Plain English Explanation

As generative AI and LLMs become more widely used in healthcare, it's crucial to have human experts evaluate the generated texts in addition to automated evaluations. This helps ensure the safety, reliability, and effectiveness of these AI systems. However, the current human evaluation methods can be time-consuming and inconsistent, which makes it difficult to widely adopt LLMs in healthcare.

This study reviews the existing research on how humans evaluate LLMs in healthcare. The authors found that there is a need for a standardized and consistent approach to human evaluation. They looked at studies published from 2018 to 2024 and examined how these evaluations were conducted, including factors like the types of medical specialties, the dimensions used to evaluate the LLMs, the selection of evaluators, and the statistical analysis of the results.

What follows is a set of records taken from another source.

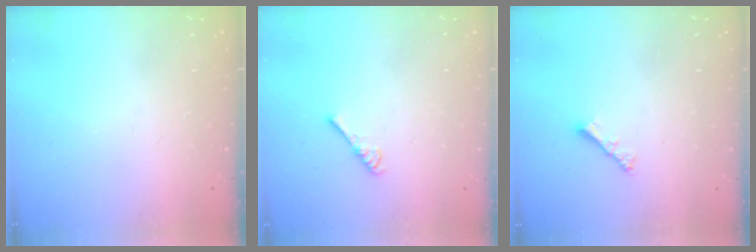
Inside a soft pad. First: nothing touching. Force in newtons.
{"total": 2.6, "press": 2.6, "slide": 0.5}
{"total": 2.4, "press": 2.4, "slide": 0.6}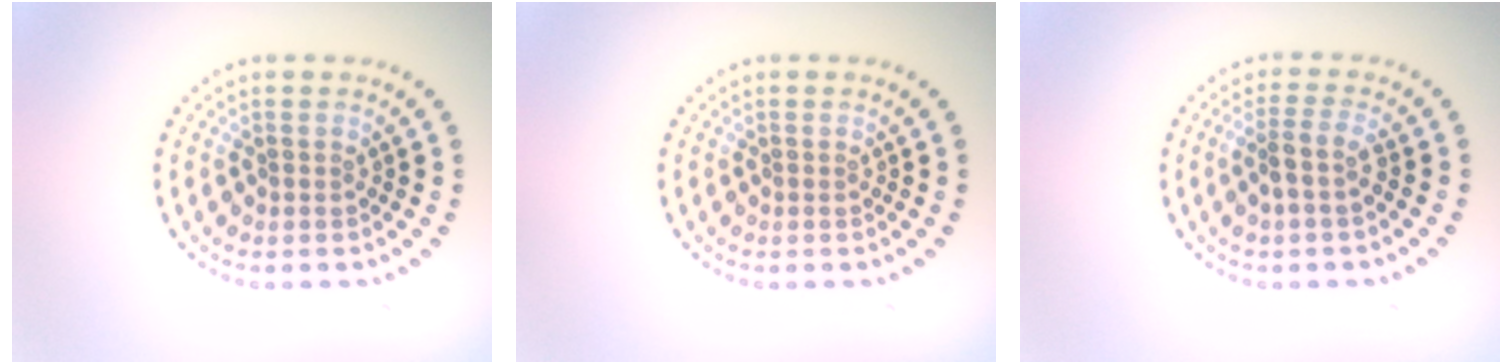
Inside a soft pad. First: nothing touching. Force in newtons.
{"total": 0.0}
{"total": 2.1, "press": 1.5, "slide": 1.4}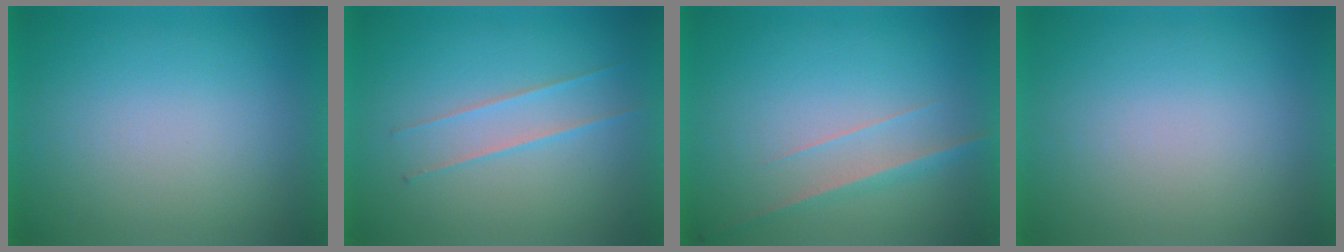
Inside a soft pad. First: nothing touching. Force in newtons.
{"total": 1.9}
{"total": 2.8}
{"total": 1.2}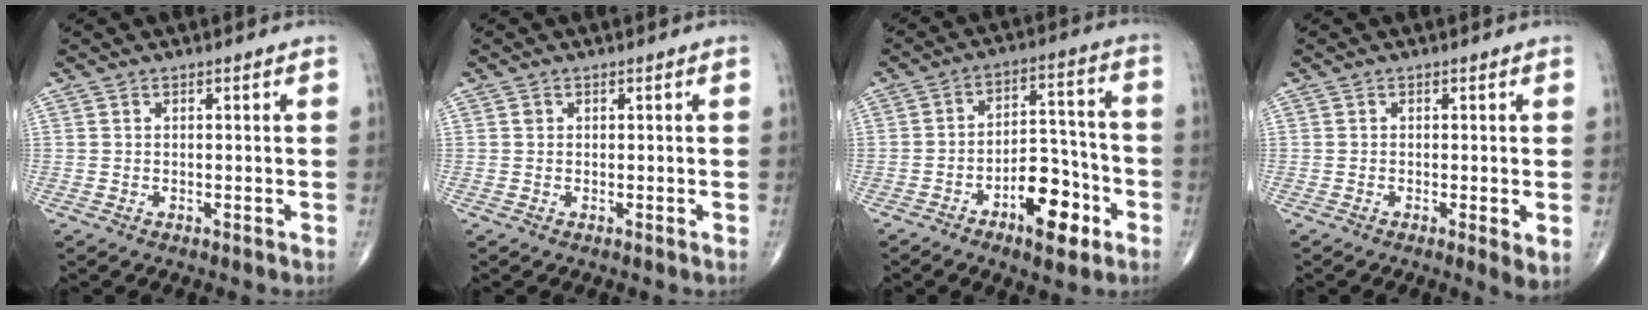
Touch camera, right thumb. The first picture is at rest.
{"total": 0.6, "force": [0.2, 0.5, 0.2], "torque": [0.000, 0.001, 0.003]}
{"total": 11.8, "force": [-5.6, 5.7, 8.7], "torque": [-0.108, 0.045, -0.083]}
{"total": 2.9, "force": [-0.5, 0.6, 2.8], "torque": [-0.050, -0.012, -0.012]}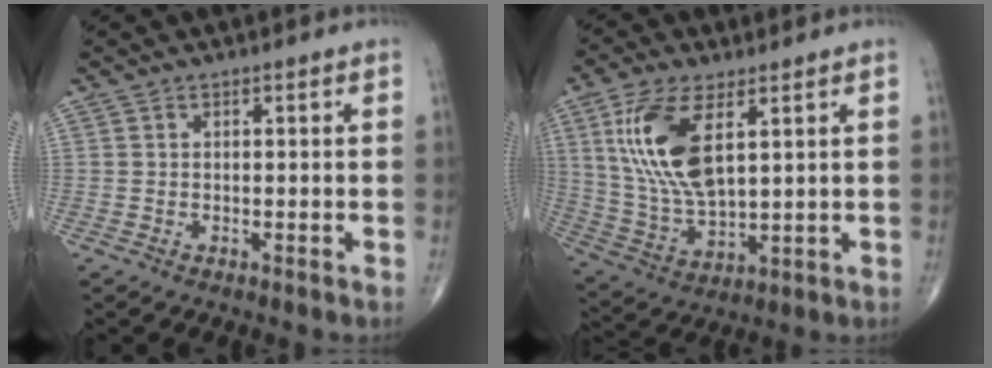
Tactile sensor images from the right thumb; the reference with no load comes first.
{"total": 15.0, "force": [5.1, 6.6, 12.4], "torque": [-0.257, -0.019, 0.109]}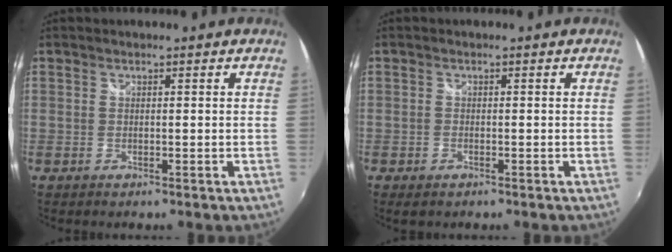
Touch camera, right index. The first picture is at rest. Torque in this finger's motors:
{"motor_torque": [0.24, -0.16, 0.09, 0.00]}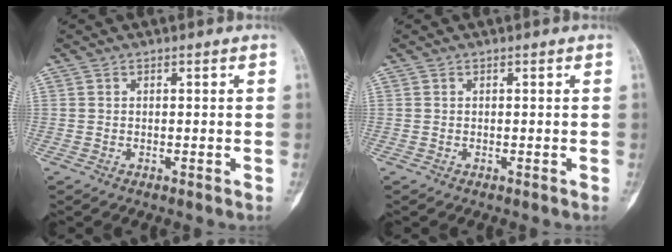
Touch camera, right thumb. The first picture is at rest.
{"total": 0.0}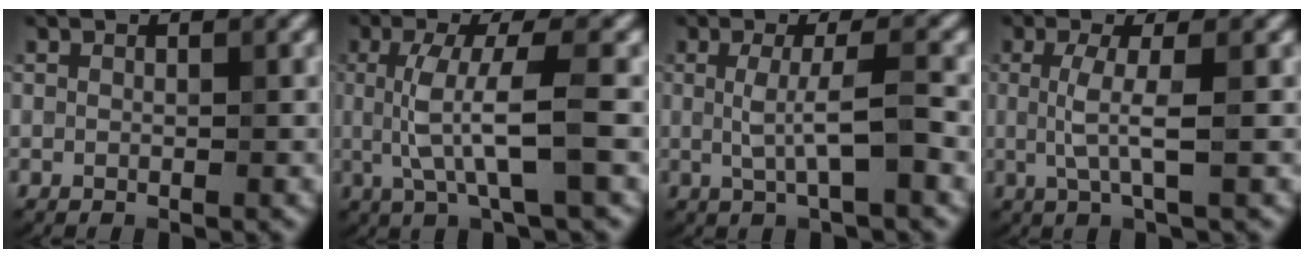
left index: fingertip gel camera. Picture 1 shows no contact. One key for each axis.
{"total": 5.6, "fx": 0.0, "fy": 1.1, "fz": 5.5, "tx": -0.115, "ty": -0.003, "tz": 0.002}
{"total": 3.3, "fx": -0.1, "fy": 0.5, "fz": 3.2, "tx": -0.064, "ty": -0.004, "tz": -0.002}
{"total": 3.1, "fx": 0.1, "fy": 0.6, "fz": 3.0, "tx": -0.064, "ty": -0.001, "tz": -0.002}

Based on the diverse evaluation strategies used in these studies, the authors propose a new framework called QUEST. This framework covers five key areas: Quality of Information, Understanding and Reasoning, Expression Style and Persona, Safety and Harm, and Trust and Confidence. The goal is to make human evaluation of generative LLMs in healthcare more reliable, consistent, and applicable across different medical applications.

Technical Explanation

The paper reviews the existing literature on human evaluation methodologies for large language models (LLMs) in healthcare applications. The authors conducted an extensive literature search, following the Preferred Reporting Items for Systematic Reviews and Meta-Analyses (PRISMA) guidelines, to identify relevant studies published from January 2018 to February 2024.

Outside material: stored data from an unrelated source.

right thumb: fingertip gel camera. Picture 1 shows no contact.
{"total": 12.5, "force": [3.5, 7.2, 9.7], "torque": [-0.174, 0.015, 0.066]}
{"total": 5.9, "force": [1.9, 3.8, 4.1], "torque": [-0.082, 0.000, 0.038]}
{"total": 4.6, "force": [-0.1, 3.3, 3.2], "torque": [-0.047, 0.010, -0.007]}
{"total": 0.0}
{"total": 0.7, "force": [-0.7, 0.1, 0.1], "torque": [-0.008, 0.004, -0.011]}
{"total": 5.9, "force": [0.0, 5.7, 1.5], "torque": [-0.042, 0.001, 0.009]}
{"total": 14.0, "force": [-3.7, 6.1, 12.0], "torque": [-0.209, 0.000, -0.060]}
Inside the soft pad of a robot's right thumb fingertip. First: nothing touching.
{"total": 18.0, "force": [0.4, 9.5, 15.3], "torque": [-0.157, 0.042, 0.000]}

The review examines the human evaluation of LLMs across various medical specialties, addressing factors such as:

Evaluation dimensions: The specific aspects of the LLMs that are evaluated, such as the quality of information, understanding and reasoning, expression style and persona, safety and harm, and trust and confidence.
Sample types and sizes: The types of medical texts or tasks used for evaluation and the number of samples evaluated.
Evaluator selection and recruitment: How the human evaluators were chosen and their expertise or background.
Frameworks and metrics: The evaluation frameworks and metrics used to assess the LLM performance.
Evaluation process: The specific steps and procedures involved in the human evaluation.
Statistical analysis: The methods used to analyze the results of the human evaluation.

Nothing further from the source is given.